一、背景
为了保证应用服务(边缘端盒子)高可用及数据安全,设计盒子《主备应用(边缘盒子)部署&切换方案》,可实现主(服务器)盒子宕机或故障时可自动切换至备盒子(服务器),保证业务连续性。
二、方案总体部署
应用服务为相互独立k3s集群,mysql主机部署双主热备,redis部署主从,可实现主从自动切换。
三、主要设计及切换思路
3.1设计思路
- 业务运行在主服务器上,备份服务器不跑业务,但保持数据与主份同步,在主份失效时可快速进行替换。
- mysql双主热备、redis主从复制(通过脚本实现主从切换)
- 通过 keepalived集群来实现主备盒子ip的路由漂移,对应用及业务来讲只需要对着一个固定的内网vip即可,无需关注服务器不可用带来的ip变更。
- mysql、redis配置vip,当主服务器故障时切换至备服务器,vip漂移,实现mysql、redis切换。
- 为了避免数据冲突,备服务器,日常应用副本数为0,当vip切换至备服务器时,使用脚本自动调整副本数为1.
- 模型、图片数据备份:主备两个机器都部署lsyncd 服务,备服务器默认关闭状态,只有备服务器升级为主服务器之后才会打开该服务,同时停掉备服务器lsyncd服务(存储路径:/data/application/data/paas-datatransfer-server)

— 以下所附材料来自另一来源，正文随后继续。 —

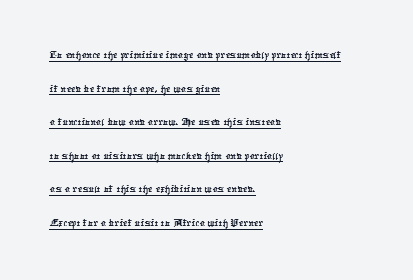
Q: Is the text underlined? A: Yes.
Q: How is the paragraph aligned? A: Left-aligned.
Q: Is the spacing between letters normal or unusually wide? A: Normal.
Q: Is the spacing between lines tight, normal or loose? A: Normal.
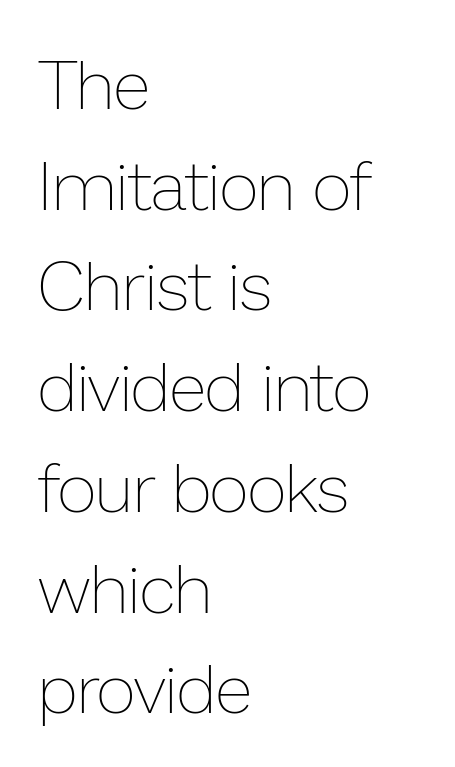
{"italic": "no", "bold": "no", "weight": "thin", "width": "normal", "stroke_contrast": "low", "x_height": "medium", "monospaced": "no", "underline": "no", "align": "left", "line_spacing": "normal", "line_spacing_ratio": 1.46, "letter_spacing": "normal", "letter_spacing_em": 0.0, "glyph_px": 69}
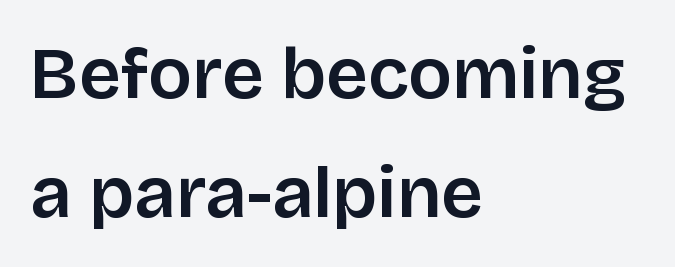
The image shows 73 px sans-serif type, upright; set left-aligned, normal line spacing (1.63x), normal letter spacing, not underlined; low stroke contrast and a large x-height.

- 涉及到到的三个ip均为项目分配的固定内网ip,需注意资源需求
- keepalived 默认ip漂移策略为主盒子,ip的切换通过前置脚本触发,脚本可检测服务器可用状态、k8s可用状态、应用服务故障率等指标
- mysql、redis 涉及到双主互备、主从模式的搭建,实际部署方式由k8s调整为vm部署,服务状态监控以及可靠性保证通过配套脚本实现
- 备份盒子默认只启动vm部署的组件,保证数据和主盒子是实时同步,k8s内应用服务和中间件默认关闭状态,识别主盒子故障ip切换以后自动开启应用服务,保证服务里缓存数据为最新
四、部署信息
4.1 资源清单
ip | 服务器 | 作用 |
|
192.168.101.77 | 192.168.101.77 | 主服务器 | 首次部署业务跑主服务器 |
192.168.101.78 | 192.168.101.78 | 备服务器 | 平时不跑应用,只做Mysql、Redis主从 |
192.168.101.90 |
|
| 虚拟ip,根据服务器状态漂移,目前挂77 |
4.2 部署清单
序号 | 部署组件 | 部署类型 | 备注 |
1 | keepalived | 服务器部署 | 监测服务,实现vip漂移 |
2 | mysql | 用vip访问 | |
3 | redis | 用vip访问 | |
4 | k3s | 用vip访问 | |
5 | PaaS服务 | 容器部署,k3s编排管理 | nacos、xxlj、exmq |
6 | 应用服务 | 部署所需的应用服务 |
五、部署操作
5.1 部署keepalived
5.1.1 安装keepalived
安装命令
yum install keepalived -y
5.1.1.1Master主服务器配置
vim /etc/keepalived/keepalived.conf
! Configuration File for keepalived
global_defs {
router_id master-jifang77
}
vrrp_instance VI_1 {
state BACKUP
nopreempt
interface eno1
virtual_router_id 51
priority 100
advert_int 1
authentication {
auth_type PASS
auth_pass 1111
}
virtual_ipaddress {
192.168.101.90
}
notify_master "/etc/keepalived/notify.sh master"
notify_backup "/etc/keepalived/notify.sh backup"
}
wq!保存并退出
备注:如果访问ip和设备网不在一个网段,即有多个ip,virtual_ipaddress 可以配置多个 ip
5.1.1.2 Backup备服务器
同样,配置备盒子
! Configuration File for keepalived
global_defs {
router_id back-jifang78
}
vrrp_instance VI_1 {
state BACKUP
interface eno1
virtual_router_id 51
priority 90
advert_int 1
authentication {
auth_type PASS
auth_pass 1111
}
virtual_ipaddress {
192.168.101.90
}
notify_master "/etc/keepalived/notify.sh master"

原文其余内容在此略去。